Девочка с глазами змеи - страница 4
Историю отца я и так уже знал.
А о своей только начинал задумываться. Искупление кровью? Откупиться своими детьми, и выжить – так сказал дед. И он явно этого не сделал, не убил моего отца, и умер. А другие? Отец тоже умер, а я живу! В тот момент мне на секунду показалось, что не таким уж и поганым он был отцом. Да и весь род Миелонов, кажется, тоже. Все Миелоны умирали в сорок лет, а их сыновья продолжали дышать.
На секунду меня даже наполнила гордость за мой род. Все мои предки принесли в жертву себя, что бы спасти детей – и поэтому я живу! Вот только теперь и мне предстоит поступить так же. А я вовсе не ощущал тогда желания умереть за сына, которого не видел так давно, что мог бы не узнать при встрече.
***
Свое сорокалетие я не отмечал. Просто сидел в почти пустой комнате, снятой на сутки. С окнами на первом этаже – на случай, если я сойду с ума и брошусь вниз. С запертой дверью – на случай, если кто-то убивает моих родных, и все это просто какая-то затянувшаяся на много поколений месть.
Ничего не случилось. Мне исполнилось сорок, а я не умер. Я дождался полуночи. Сутки закончились. Я дождался рассвета – и убедился, что начался новый день, не только по часам, но и по Солнцу. Ничего не случилось. Я вышел на улицу – сорокалетний и живой.
И сразу встретил ее. Она подергала меня сзади за полу пиджака, как сделал бы маленький ребенок. Я оглянулся и увидел девочку лет десяти.
– Привет! – сказал я.
– Тебе пора решать, кто из вас умрет! – ответила девочка.
Она смотрела на меня своими глазами, с узкими вертикальными зрачками, как у змеи. Я видел клыки во рту и раздвоенный язык. И я не помню, что было дальше. Паника смыла мой разум, и я пришел в себя, где-то на окраине города, уставший, грязный и взмокший. Видимо, я бежал, орал, и повторял все то, что делали мои предки. Их безумие настигло меня.
А когда детский голос вдруг опять заговорил за спиной, сказал: «Кому-то придется умереть, так или иначе!», я уже не бежал. И не оглядывался. Рад бы сказать, что взял себя в руки и перестал паниковать, но нет – меня парализовало от страха. Я едва не переломал себе ноги, пока удирал от нее, а теперь она стояла у меня за спиной. Фурия. Живая месть в обличии маленькой девочки с глазами змеи. И она снова дергала меня за пиджак и говорила:
– Кому-то придется заплатить за все зло. Тебе надо решать, кто умрет, ты или твои дети. Времени осталось уже мало!

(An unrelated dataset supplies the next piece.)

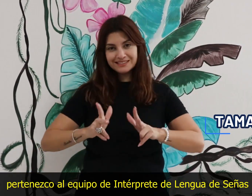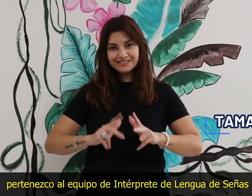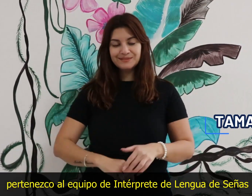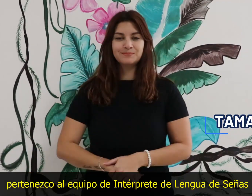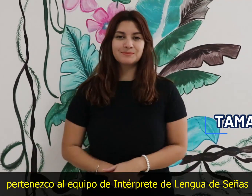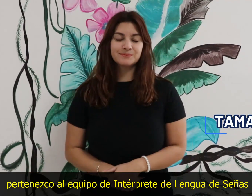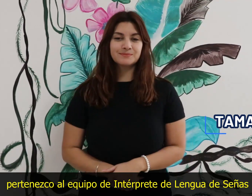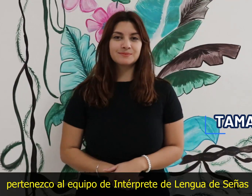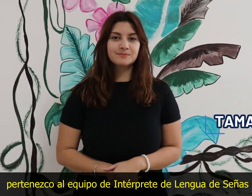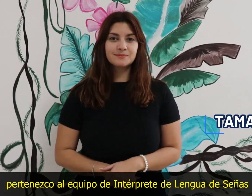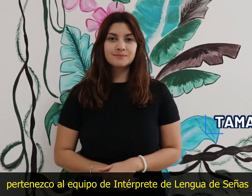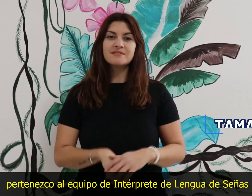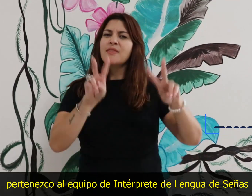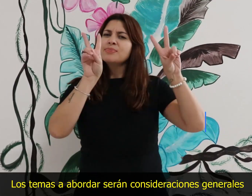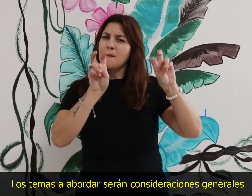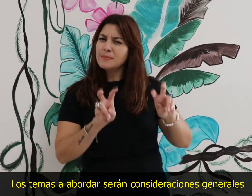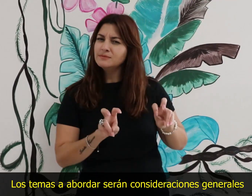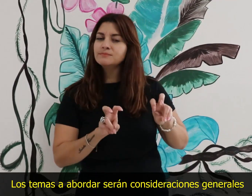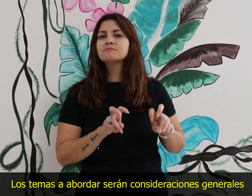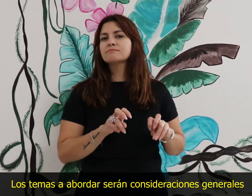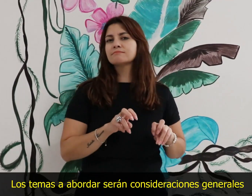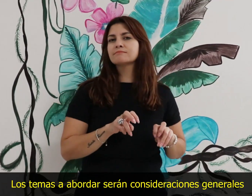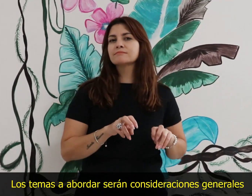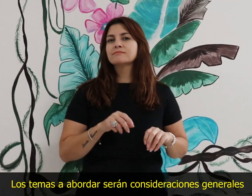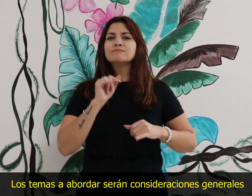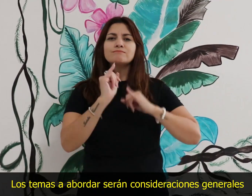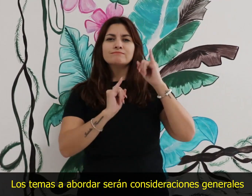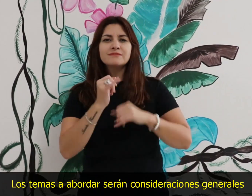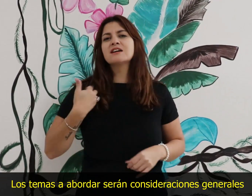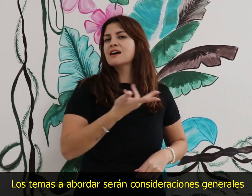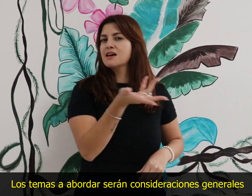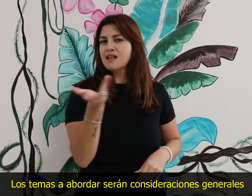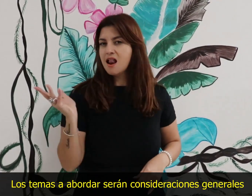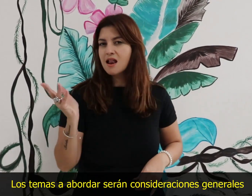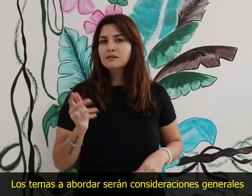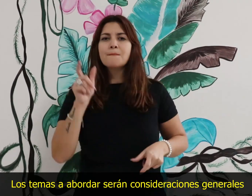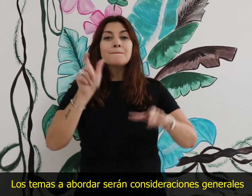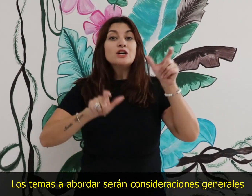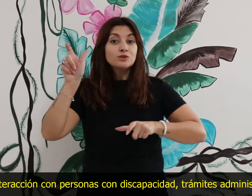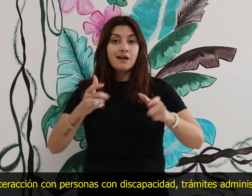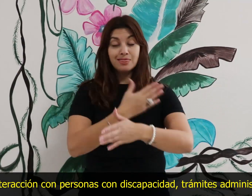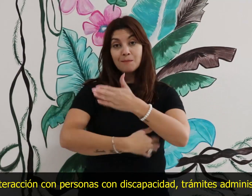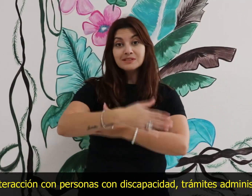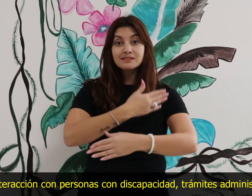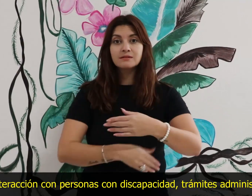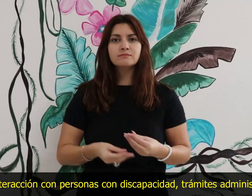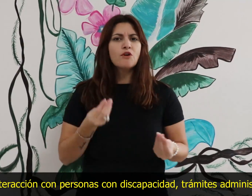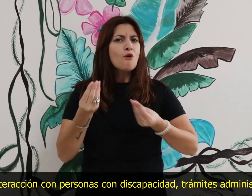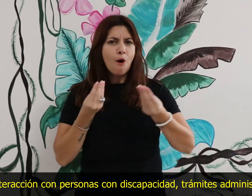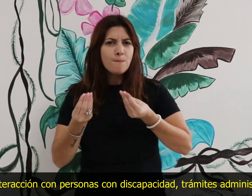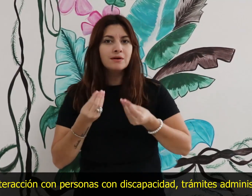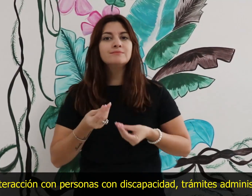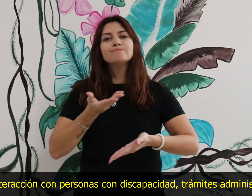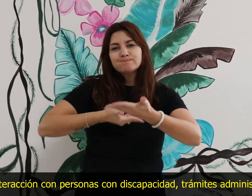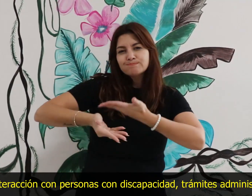Pertenezco al Equipo de Intérprete de Lengua de Señas. Los temas a abordar serán consideraciones generales en la interacción con personas con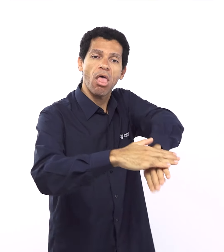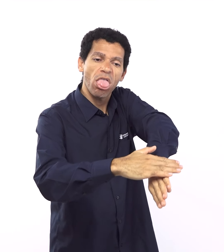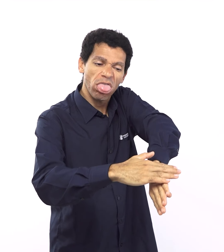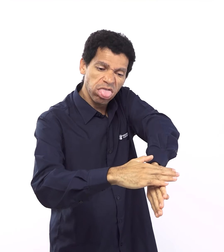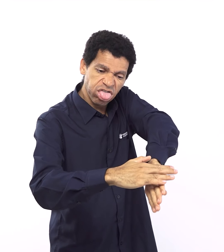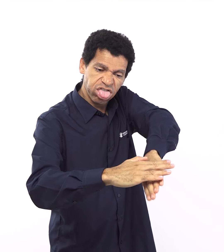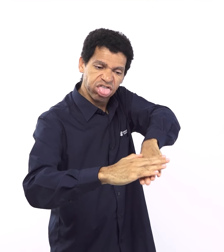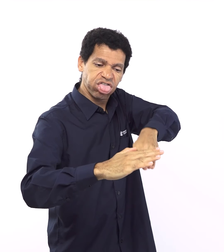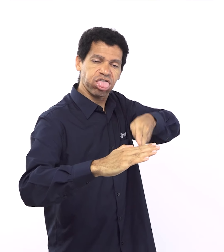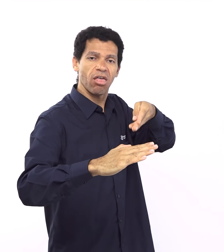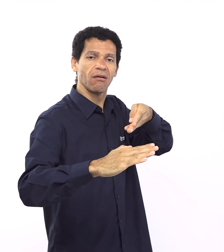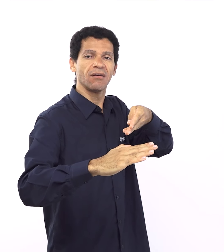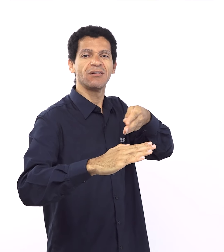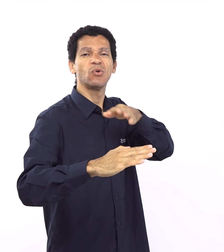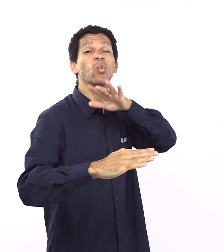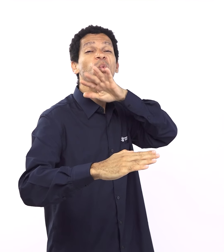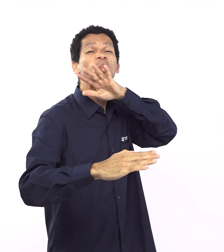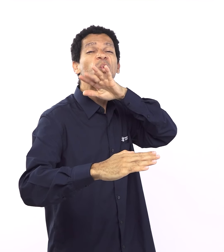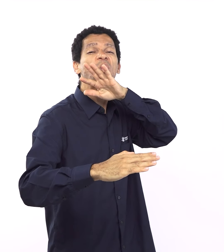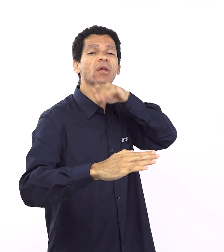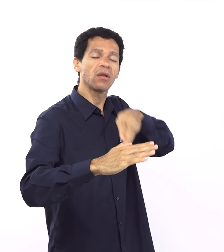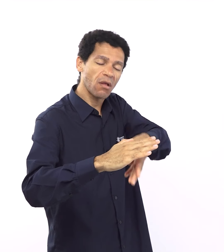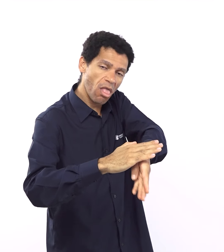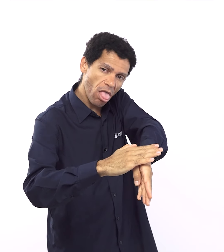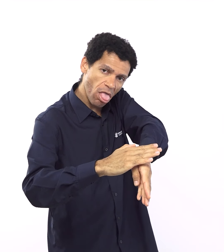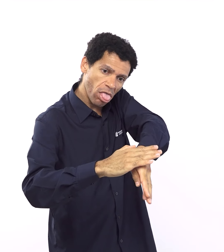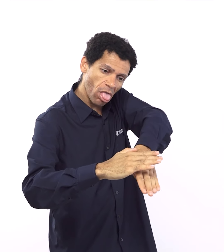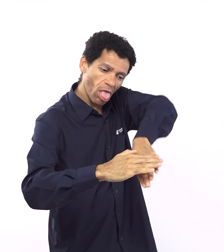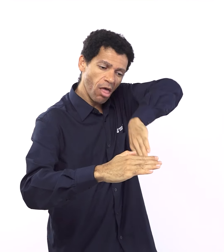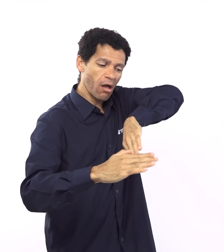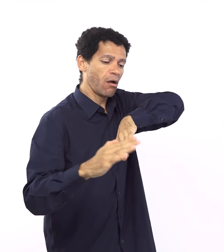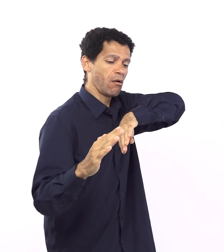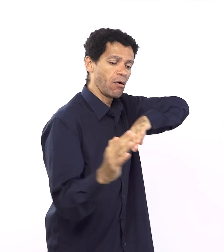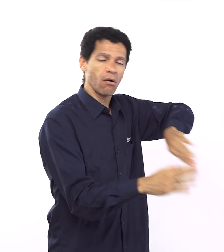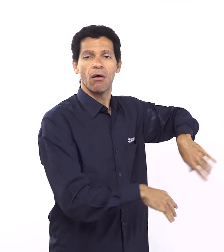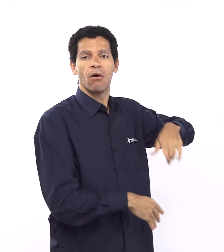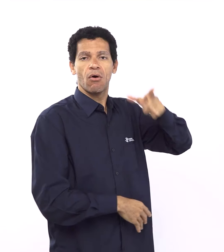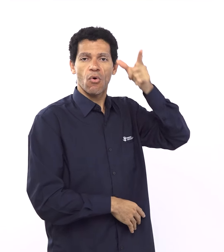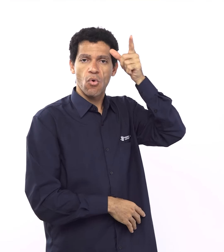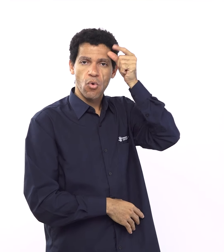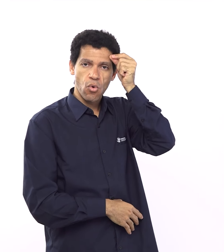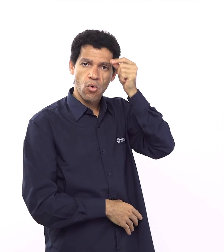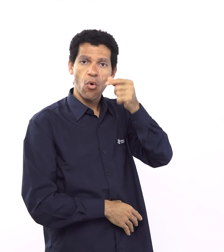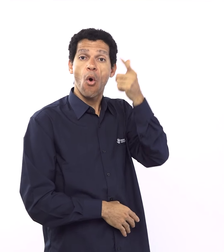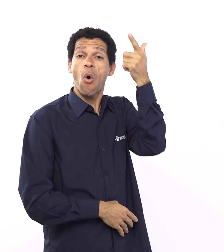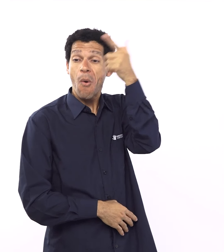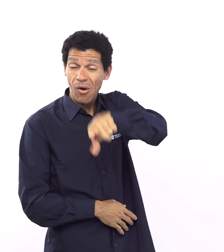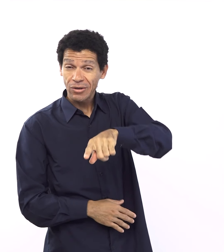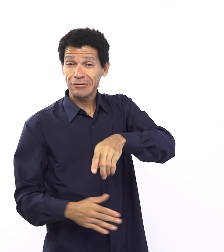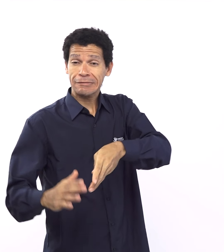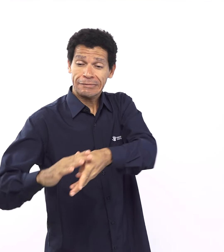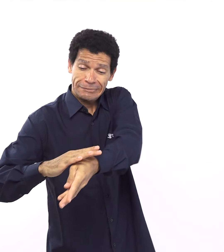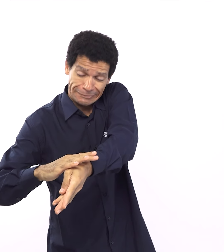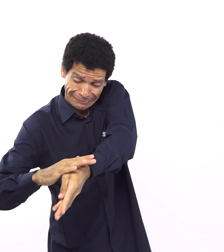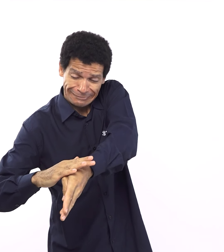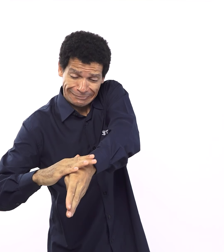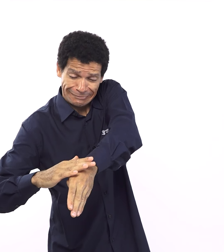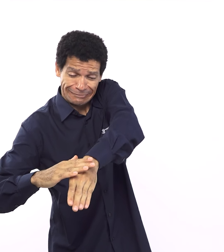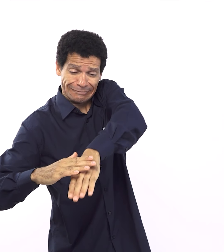mas eu estava errando em tudo aquilo, sempre na vida você vai achar, e também acontece de você se sentir longe

Когда я все же сумел оглянуться, за моей спиной никого не было уже.
Мои предки не смогли защититься от Фурии, и я знал, что тоже не смогу, но все равно пытался. Две недели я не выходил из дома. Как и Мервил Миелон, я оклеил стены квартиры страницами из Библии и обвесил распятиями. Заколотил досками окна. Начертил круг – из мела, из соли, из железной цепи, потому что слышал где-то, что железо и соль отпугивают призраков. Я жег ладан и не выпускаю из рук серебряный браслет – потому что и про серебро болтали, что оно защищает от зла.
Когда она пришла, я окатил ее святой водой, и вода прошла насквозь, даже не намочила ее. Крест не пугал ее, серебро не обжигало.
Я сидел в круге, молимся, и ждал смерти. Она села рядом и помолилась со мной, повторила мою молитву, каждое слово. И поправила все, что я сказал неправильно. Это было самое дикое, что я мог представить! Демон, тварь, монстр, сидит рядом со мной и помогает молиться.
– Он тебе не отвечает, да? – спросила она почти с сочувствием. – Ему до тебя нет дела. А мне есть.